Generally speaking, in order for IO actions to be properly ordered and behave predictably, each action needs to complete fully before the next action is run. In a do-block, this means that this works:

main = do
    sequence (map putStrLn ["This","action","will","complete"])
    putStrLn "before we get here"

but unfortunately this won't work, if that final IO action was important:

dontRunMe = do
    putStrLn "This is a problem when an action is"
    sequence (repeat (putStrLn "infinite"))
    putStrLn "<not printed>"

So, even though sequence can be specialized to the right type signature:

sequence :: [IO a] -> IO [a]

it doesn't work as expected on an infinite list of IO actions. You'll have no problem defining such a sequence:

badSeq :: IO [Char]
badSeq = sequence (repeat (return '+'))

but any attempt to execute the IO action (e.g., by trying to print the head of the resulting list) will hang:

main = (head <$> badSeq) >>= print

It doesn't matter if you only need a part of the result. You won't get anything out of the IO monad until the entire sequence is done (so "never" if the list is infinite).

The "Lazy IO" Solution

If you want to get data from a partially completed IO action, you need to be explicit about it and make use of a scary-sounding Haskell escape hatch, unsafeInterleaveIO. This function takes an IO action and "defers" it so that it won't actually execute until the value is demanded.
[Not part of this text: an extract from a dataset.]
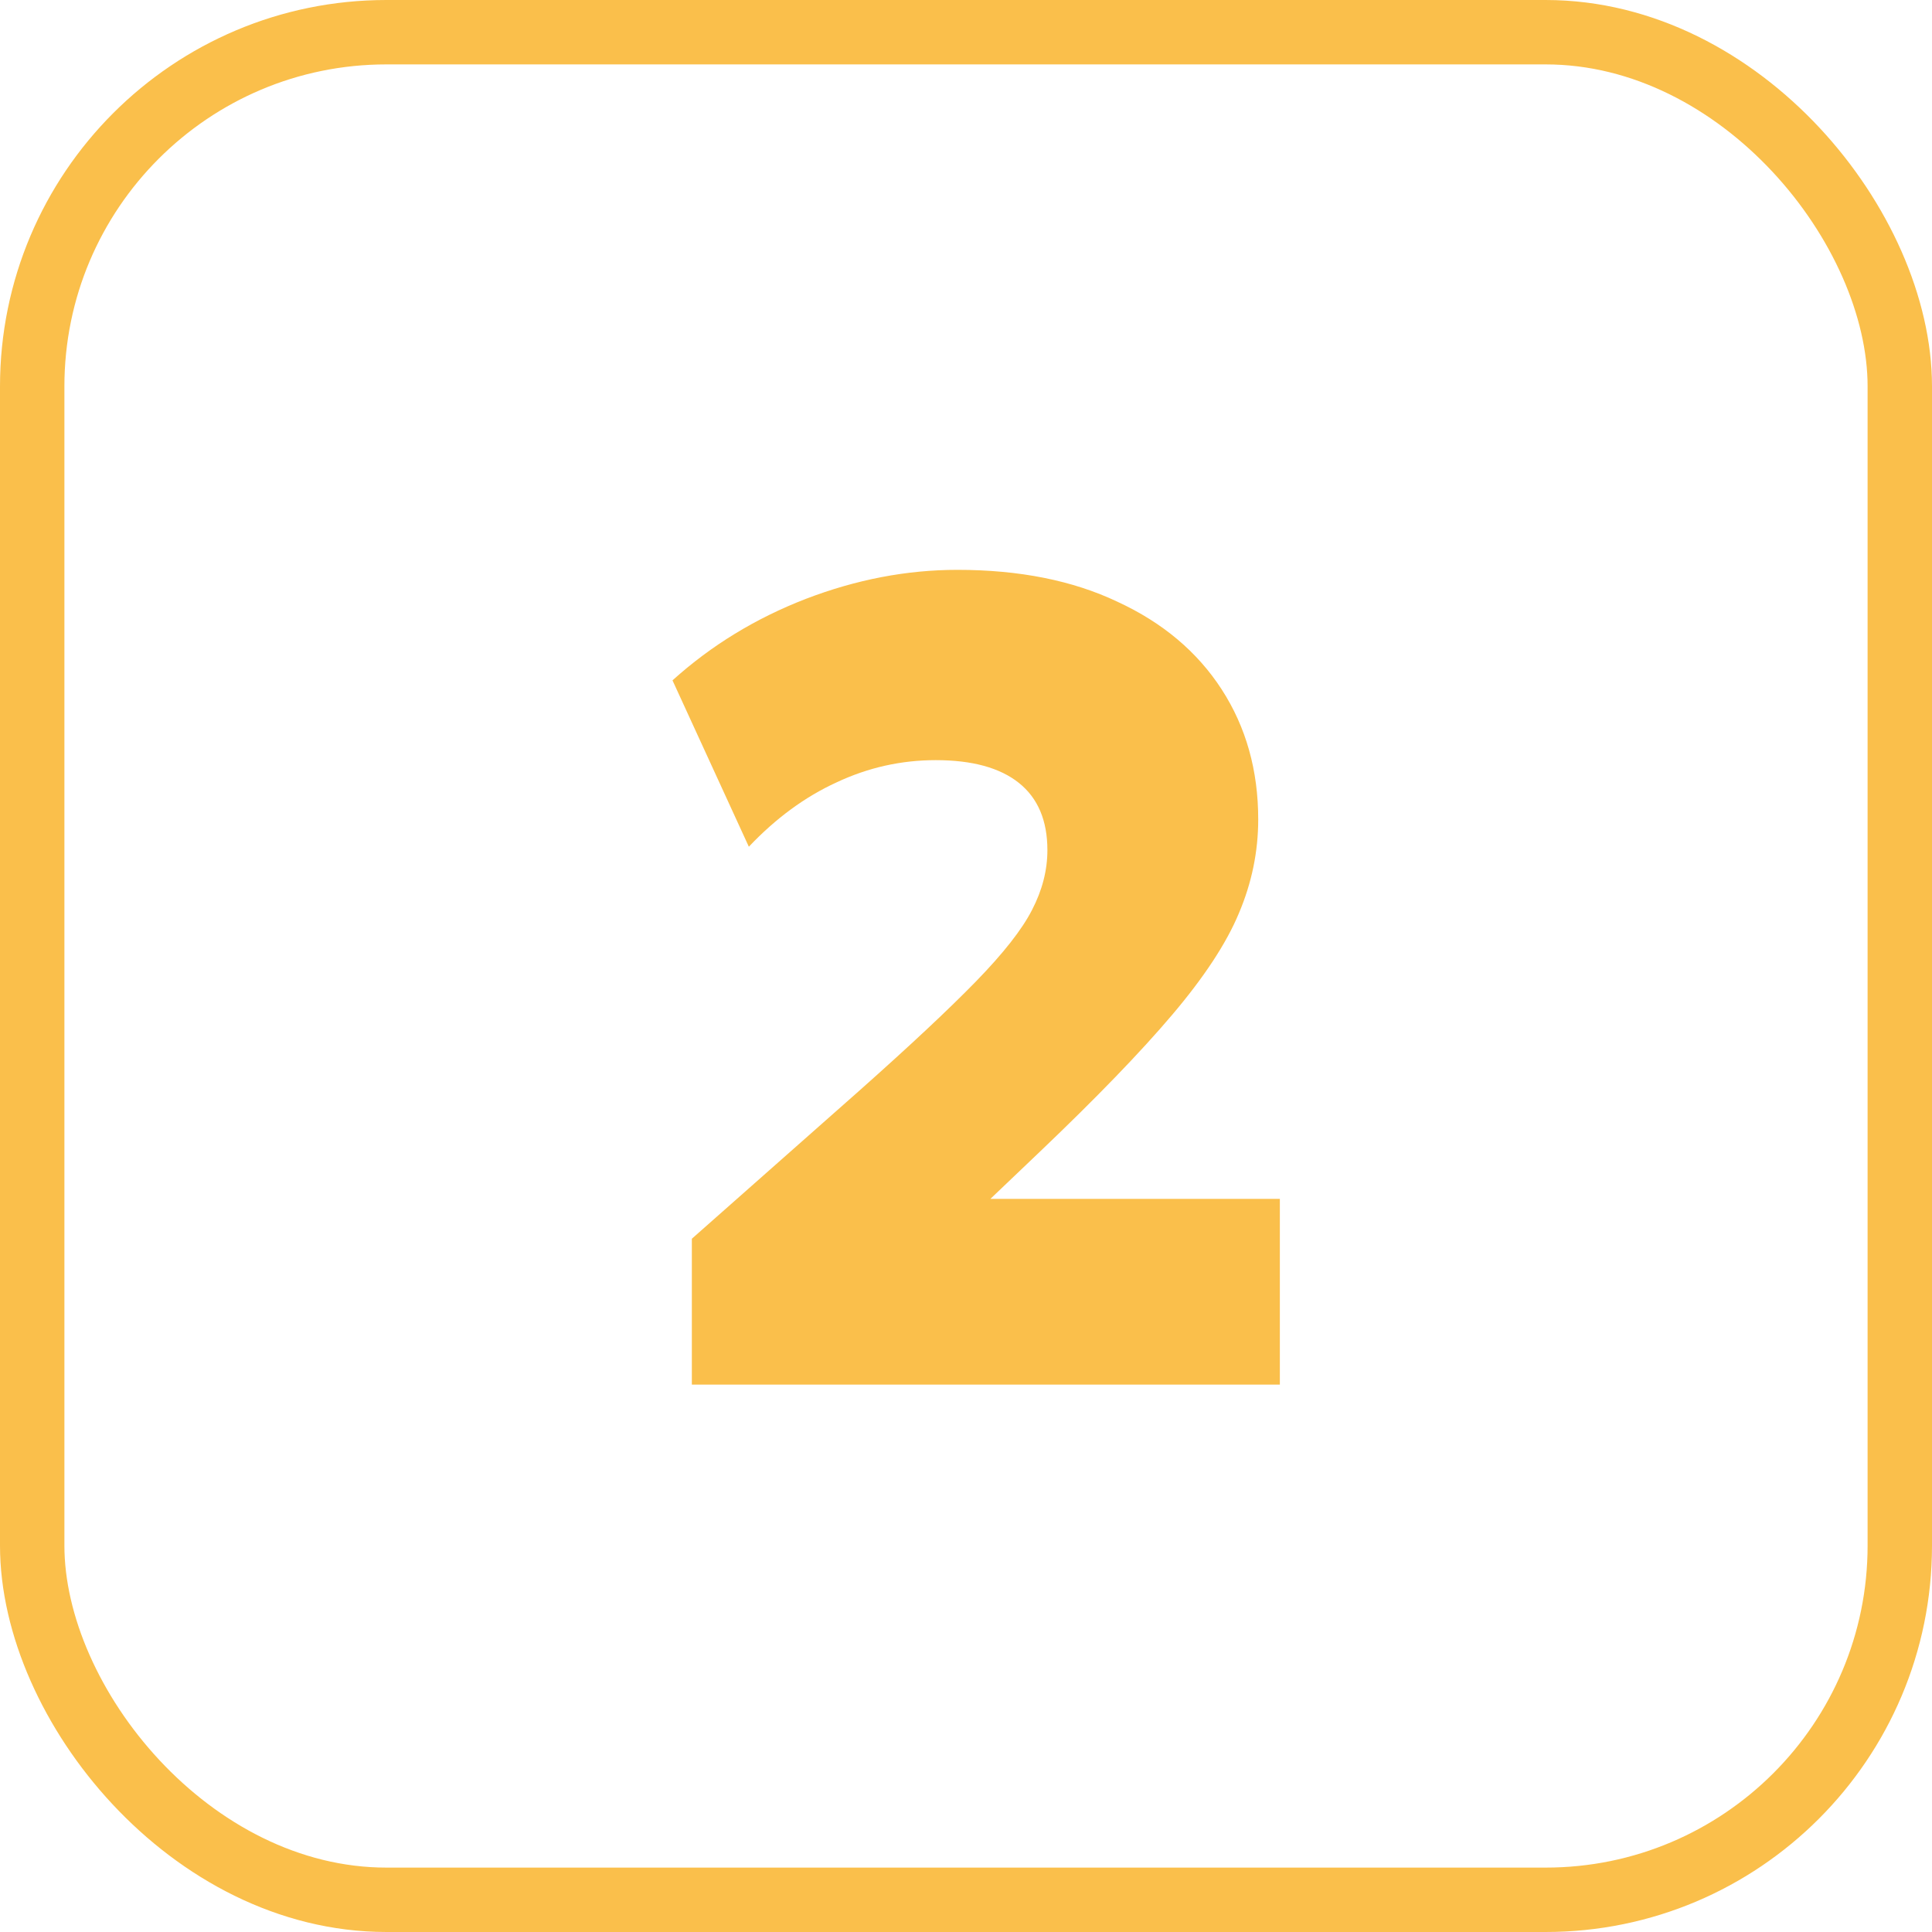 <?xml version="1.0" encoding="UTF-8"?> <svg xmlns="http://www.w3.org/2000/svg" width="60" height="60" viewBox="0 0 60 60" fill="none"><rect x="1" y="1" width="58" height="58" rx="11" stroke="#FABF4B" stroke-width="2"></rect><path d="M21.486 43V38.47L26.689 33.87C28.269 32.466 29.478 31.333 30.316 30.472C31.165 29.599 31.743 28.862 32.05 28.26C32.368 27.647 32.528 27.028 32.528 26.402C32.528 25.482 32.233 24.786 31.643 24.314C31.053 23.843 30.192 23.607 29.06 23.607C27.986 23.607 26.96 23.837 25.981 24.297C25.002 24.745 24.093 25.412 23.256 26.296L20.885 21.129C22.088 20.044 23.468 19.201 25.025 18.599C26.594 17.997 28.163 17.697 29.732 17.697C31.655 17.697 33.312 18.027 34.704 18.688C36.108 19.336 37.187 20.245 37.942 21.413C38.697 22.58 39.075 23.925 39.075 25.447C39.075 26.45 38.874 27.423 38.473 28.366C38.084 29.299 37.394 30.348 36.403 31.516C35.424 32.672 34.05 34.094 32.28 35.781L30.758 37.232H39.747V43H21.486Z" fill="#FABF4B"></path></svg>

The reason this is unsafe in general is that an IO action that makes sense now, might mean something different if actually executed at a later time point. As a simple example, an IO action that truncates/removes a file has a very different effect if it's executed before versus after updated file contents are written!

Anyway, what you'd want to do here is write a lazy version of sequence:

import System.IO.Unsafe (unsafeInterleaveIO)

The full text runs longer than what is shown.